Chia’s husband is from Australia, and she had moved to Melbourne to live for a few years when she gave birth to her first child. “My husband’s mum was an excellent homemaker and raised three kids almost single-handedly. His father worked a job and was less involved in running the household.”
“The work my mother did as a homemaker was not valued. Only when things went wrong would anyone notice her role”
She reflects: “There was a point when I was genuinely questioning if I could have a career and still be a good mother. I was putting pressure on myself to be who I thought would be a perfect parent—someone whose only priority would be the kids and the home.”
“Today, my husband does lots of chores around the house—he is more particular about keeping it tidy than I am. But the balance we have now has come out of years of conversation and deliberation. I told him that I wasn’t going to be entirely like his mum. We are hands-on parents and both spend a lot of time with our children. But I wanted to prioritise my career too.”
I am lounging in my cousin’s apartment, glass of wine in hand. Sitting next to me, she looks comfortable—like she is one with the admittedly very plush couch we are on. Her feet are bundled under a blanket, her glass nearly empty. We have not moved from our spots in the last hour.

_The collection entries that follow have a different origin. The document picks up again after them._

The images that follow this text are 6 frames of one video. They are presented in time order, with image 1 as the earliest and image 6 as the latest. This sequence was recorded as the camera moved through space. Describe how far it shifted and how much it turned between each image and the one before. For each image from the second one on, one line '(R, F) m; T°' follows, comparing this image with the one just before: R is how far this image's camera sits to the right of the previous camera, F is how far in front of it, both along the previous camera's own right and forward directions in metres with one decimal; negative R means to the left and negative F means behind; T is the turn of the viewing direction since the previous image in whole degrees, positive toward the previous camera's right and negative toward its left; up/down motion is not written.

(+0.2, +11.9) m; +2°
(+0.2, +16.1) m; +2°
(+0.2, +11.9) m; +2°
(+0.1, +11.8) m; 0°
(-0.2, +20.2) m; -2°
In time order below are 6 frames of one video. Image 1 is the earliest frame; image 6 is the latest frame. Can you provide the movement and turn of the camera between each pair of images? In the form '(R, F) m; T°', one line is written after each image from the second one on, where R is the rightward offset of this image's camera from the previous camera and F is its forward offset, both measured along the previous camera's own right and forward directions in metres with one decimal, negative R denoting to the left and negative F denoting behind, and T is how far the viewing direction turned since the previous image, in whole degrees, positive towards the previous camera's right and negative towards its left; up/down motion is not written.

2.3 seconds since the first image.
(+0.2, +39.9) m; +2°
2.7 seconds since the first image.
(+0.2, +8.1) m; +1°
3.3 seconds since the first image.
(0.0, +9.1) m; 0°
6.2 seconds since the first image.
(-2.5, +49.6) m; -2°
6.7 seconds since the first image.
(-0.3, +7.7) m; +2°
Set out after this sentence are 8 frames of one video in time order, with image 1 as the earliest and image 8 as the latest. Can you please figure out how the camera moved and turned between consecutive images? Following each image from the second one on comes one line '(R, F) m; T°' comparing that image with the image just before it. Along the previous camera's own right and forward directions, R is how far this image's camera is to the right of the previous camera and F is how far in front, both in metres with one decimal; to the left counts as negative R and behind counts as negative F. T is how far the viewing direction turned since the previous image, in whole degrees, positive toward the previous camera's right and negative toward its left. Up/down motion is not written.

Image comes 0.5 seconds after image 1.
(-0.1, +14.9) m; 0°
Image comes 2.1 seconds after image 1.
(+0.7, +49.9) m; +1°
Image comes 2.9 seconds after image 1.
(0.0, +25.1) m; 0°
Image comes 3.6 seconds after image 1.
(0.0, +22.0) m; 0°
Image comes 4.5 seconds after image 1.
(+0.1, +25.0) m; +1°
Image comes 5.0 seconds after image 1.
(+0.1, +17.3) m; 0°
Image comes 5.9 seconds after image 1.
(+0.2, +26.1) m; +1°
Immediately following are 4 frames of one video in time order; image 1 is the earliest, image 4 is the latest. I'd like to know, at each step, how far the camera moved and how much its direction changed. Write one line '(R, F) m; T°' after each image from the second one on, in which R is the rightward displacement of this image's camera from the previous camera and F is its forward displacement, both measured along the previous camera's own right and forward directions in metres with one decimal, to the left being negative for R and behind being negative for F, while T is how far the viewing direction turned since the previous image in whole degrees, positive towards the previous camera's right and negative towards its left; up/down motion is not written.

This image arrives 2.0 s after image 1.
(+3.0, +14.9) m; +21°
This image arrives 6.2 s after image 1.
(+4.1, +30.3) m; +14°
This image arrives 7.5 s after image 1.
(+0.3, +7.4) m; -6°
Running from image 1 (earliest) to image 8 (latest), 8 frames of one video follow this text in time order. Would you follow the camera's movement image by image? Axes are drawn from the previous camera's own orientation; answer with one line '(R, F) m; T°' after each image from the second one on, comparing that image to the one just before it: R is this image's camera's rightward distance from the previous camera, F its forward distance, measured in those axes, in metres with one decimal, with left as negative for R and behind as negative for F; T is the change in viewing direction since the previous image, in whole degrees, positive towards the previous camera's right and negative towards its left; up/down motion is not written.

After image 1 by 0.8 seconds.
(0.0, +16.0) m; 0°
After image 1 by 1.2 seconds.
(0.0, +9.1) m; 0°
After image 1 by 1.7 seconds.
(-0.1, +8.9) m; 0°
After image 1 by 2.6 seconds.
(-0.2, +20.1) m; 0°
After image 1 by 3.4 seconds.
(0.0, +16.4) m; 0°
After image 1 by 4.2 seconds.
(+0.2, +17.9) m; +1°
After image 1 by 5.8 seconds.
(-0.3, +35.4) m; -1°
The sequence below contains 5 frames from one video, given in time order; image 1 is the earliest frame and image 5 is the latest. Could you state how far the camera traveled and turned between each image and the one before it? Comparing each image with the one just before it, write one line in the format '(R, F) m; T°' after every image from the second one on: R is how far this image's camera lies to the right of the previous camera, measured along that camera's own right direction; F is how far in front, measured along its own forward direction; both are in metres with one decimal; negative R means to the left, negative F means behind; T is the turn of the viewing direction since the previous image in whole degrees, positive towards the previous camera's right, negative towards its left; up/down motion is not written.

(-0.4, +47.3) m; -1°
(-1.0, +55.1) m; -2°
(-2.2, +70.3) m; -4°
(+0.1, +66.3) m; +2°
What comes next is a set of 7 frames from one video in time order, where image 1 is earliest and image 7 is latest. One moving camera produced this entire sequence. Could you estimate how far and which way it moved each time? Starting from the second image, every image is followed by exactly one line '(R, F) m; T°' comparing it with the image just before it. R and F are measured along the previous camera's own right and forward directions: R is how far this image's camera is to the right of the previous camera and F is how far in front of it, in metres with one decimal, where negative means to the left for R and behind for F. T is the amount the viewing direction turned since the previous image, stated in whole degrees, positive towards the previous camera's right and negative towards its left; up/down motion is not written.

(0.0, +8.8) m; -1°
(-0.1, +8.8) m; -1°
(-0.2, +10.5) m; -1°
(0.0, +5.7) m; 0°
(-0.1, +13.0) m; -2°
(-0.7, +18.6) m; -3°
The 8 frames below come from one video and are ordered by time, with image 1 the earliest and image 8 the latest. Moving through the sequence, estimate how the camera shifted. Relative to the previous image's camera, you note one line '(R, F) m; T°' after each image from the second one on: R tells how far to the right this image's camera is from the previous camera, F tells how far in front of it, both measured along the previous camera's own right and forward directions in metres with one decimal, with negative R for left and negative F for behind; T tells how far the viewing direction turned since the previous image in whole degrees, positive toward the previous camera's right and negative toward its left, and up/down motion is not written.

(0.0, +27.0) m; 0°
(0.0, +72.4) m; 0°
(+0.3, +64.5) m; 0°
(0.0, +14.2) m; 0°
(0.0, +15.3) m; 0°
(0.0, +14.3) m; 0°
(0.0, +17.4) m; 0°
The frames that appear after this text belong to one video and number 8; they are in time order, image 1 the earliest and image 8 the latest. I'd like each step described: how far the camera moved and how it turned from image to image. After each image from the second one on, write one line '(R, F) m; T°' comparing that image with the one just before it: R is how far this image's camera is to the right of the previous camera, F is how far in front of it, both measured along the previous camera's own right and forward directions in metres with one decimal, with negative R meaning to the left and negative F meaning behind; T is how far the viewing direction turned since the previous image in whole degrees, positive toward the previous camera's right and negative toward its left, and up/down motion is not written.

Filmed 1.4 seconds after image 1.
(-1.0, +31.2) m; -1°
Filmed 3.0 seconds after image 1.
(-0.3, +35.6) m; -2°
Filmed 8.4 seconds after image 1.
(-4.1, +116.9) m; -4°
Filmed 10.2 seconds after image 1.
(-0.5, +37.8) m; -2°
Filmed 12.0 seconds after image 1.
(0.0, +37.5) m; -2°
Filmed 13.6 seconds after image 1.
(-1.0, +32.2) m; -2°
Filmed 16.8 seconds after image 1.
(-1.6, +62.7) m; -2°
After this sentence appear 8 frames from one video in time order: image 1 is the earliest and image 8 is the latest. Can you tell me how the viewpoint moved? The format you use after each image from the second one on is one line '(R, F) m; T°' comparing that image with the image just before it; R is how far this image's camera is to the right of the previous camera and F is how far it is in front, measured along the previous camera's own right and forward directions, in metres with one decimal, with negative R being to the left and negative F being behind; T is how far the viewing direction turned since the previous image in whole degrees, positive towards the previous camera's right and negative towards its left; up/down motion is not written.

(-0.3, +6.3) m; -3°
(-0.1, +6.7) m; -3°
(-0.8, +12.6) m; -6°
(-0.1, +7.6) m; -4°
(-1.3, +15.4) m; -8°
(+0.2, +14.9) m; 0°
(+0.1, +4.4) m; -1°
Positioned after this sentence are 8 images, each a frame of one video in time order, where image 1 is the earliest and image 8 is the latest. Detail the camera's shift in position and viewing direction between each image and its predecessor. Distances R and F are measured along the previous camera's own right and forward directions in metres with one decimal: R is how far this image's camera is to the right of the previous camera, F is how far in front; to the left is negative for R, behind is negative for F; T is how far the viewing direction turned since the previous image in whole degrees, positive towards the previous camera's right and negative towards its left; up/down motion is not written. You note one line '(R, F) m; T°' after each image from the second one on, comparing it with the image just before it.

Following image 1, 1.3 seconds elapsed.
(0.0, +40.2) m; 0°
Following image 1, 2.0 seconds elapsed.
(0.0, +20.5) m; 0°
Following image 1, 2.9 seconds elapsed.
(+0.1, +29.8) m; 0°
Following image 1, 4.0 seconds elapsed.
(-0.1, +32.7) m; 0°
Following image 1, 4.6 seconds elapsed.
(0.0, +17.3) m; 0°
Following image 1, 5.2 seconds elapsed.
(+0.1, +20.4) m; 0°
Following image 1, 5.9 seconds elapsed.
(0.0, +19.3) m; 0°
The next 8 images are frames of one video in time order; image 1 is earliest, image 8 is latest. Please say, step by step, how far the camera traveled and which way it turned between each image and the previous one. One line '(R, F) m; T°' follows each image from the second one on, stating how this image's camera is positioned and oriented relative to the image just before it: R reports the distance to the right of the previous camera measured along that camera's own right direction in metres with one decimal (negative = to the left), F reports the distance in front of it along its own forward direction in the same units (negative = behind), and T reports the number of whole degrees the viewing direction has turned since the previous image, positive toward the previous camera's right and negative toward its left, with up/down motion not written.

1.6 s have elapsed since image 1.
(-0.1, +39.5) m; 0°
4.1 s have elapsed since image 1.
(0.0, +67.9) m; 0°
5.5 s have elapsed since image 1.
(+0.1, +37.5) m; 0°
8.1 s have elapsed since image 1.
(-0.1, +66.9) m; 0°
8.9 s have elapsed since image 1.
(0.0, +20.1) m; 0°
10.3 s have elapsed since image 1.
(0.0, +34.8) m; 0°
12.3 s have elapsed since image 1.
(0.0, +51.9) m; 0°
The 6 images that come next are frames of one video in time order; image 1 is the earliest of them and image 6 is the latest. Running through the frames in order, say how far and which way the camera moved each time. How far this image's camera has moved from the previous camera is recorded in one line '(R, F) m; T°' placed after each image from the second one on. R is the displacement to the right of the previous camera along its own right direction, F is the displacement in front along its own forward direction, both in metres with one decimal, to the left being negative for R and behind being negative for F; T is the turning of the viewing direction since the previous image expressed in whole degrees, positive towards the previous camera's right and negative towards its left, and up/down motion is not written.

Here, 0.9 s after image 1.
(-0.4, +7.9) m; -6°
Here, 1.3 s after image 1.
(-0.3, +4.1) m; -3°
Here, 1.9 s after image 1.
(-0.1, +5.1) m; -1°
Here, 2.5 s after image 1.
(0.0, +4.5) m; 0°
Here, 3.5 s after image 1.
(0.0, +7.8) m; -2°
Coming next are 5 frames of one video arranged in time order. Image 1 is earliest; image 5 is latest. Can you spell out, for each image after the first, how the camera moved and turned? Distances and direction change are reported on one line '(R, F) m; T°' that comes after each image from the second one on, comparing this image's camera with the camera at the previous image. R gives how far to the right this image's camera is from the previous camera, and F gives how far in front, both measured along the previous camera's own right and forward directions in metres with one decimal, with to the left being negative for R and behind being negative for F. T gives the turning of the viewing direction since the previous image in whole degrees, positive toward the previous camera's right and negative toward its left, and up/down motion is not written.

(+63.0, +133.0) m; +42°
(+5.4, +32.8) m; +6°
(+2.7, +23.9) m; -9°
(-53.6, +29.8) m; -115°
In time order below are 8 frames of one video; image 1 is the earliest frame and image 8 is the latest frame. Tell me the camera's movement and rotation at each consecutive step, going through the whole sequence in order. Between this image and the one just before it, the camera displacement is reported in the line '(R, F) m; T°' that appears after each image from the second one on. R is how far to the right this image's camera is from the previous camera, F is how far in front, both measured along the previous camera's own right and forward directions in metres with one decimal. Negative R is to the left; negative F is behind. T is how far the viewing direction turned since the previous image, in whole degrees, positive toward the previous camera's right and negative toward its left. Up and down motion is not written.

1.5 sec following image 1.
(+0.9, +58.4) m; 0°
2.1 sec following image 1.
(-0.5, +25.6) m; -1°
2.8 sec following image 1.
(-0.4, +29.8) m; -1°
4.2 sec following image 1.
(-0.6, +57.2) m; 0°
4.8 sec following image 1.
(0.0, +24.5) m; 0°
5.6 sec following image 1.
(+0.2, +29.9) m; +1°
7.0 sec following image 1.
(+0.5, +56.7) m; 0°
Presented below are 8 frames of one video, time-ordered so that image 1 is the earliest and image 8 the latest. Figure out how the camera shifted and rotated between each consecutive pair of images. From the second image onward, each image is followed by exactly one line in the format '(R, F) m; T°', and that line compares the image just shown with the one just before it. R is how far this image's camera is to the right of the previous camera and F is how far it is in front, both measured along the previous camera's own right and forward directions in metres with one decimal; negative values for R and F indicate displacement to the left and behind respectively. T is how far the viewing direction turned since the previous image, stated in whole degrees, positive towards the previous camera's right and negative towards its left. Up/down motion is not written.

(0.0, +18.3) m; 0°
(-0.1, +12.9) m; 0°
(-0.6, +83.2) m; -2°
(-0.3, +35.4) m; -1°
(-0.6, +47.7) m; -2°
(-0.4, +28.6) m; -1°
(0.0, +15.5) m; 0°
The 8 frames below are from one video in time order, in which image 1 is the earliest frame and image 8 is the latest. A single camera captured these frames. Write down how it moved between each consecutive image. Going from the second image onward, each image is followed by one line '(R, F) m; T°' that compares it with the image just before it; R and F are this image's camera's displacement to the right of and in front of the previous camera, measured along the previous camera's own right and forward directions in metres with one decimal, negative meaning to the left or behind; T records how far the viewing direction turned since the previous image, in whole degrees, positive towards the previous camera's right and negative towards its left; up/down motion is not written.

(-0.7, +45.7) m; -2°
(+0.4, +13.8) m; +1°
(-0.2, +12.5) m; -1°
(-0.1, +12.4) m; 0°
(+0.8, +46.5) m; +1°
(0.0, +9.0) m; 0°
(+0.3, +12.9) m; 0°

Sreejata Chatterjee had migrated from Kolkata, India, to Canada at the age of 18. Today, she is director of product at a tech company and the co-founder of a successful start-up that has since been acquired. She shares a beautiful home and lively dog with her partner, who works in finance, and reports happily that they play an equal part in maintaining their domestic life.
“I love to cook and I love cars so anything car-related is my job. My partner takes care of all cleaning, and everything related to the outdoors like snowploughing, mowing the lawn and any plumbing and repairs. I’d say I’m happy with that division,” she laughs. “Equality does not mean that both of us have to do the exact same thing, but that we equally distribute tasks and planning,” she shares. “The planning piece is key—although I have seen many families distribute tasks, the woman is always the manager. This is a huge unseen mental burden. Managers get paid more at work and there’s a reason for that.”
Growing up, Chatterjee saw her mother take on all the domestic work at home. “My mother has a master’s degree in biochemistry and is one of the smartest people I know. She knew she was signing up to be a homemaker when she got married and there’s nothing wrong with that. But the work she did was not valued. Only when things went wrong would anyone notice her role. My dad retired early. Even when he was not working, he didn’t help with any domestic tasks. It wasn’t expected that he would.”
The delicious scent of onions caramelising in an Indian spice mix makes its way into the living room, and I can see Chatterjee’s partner pottering around in the kitchen. I ask what’s for dinner and she replies sleepily: “I’m not sure, but I’m sure he’ll figure out something good.”
*Lina’s name has been altered for privacy.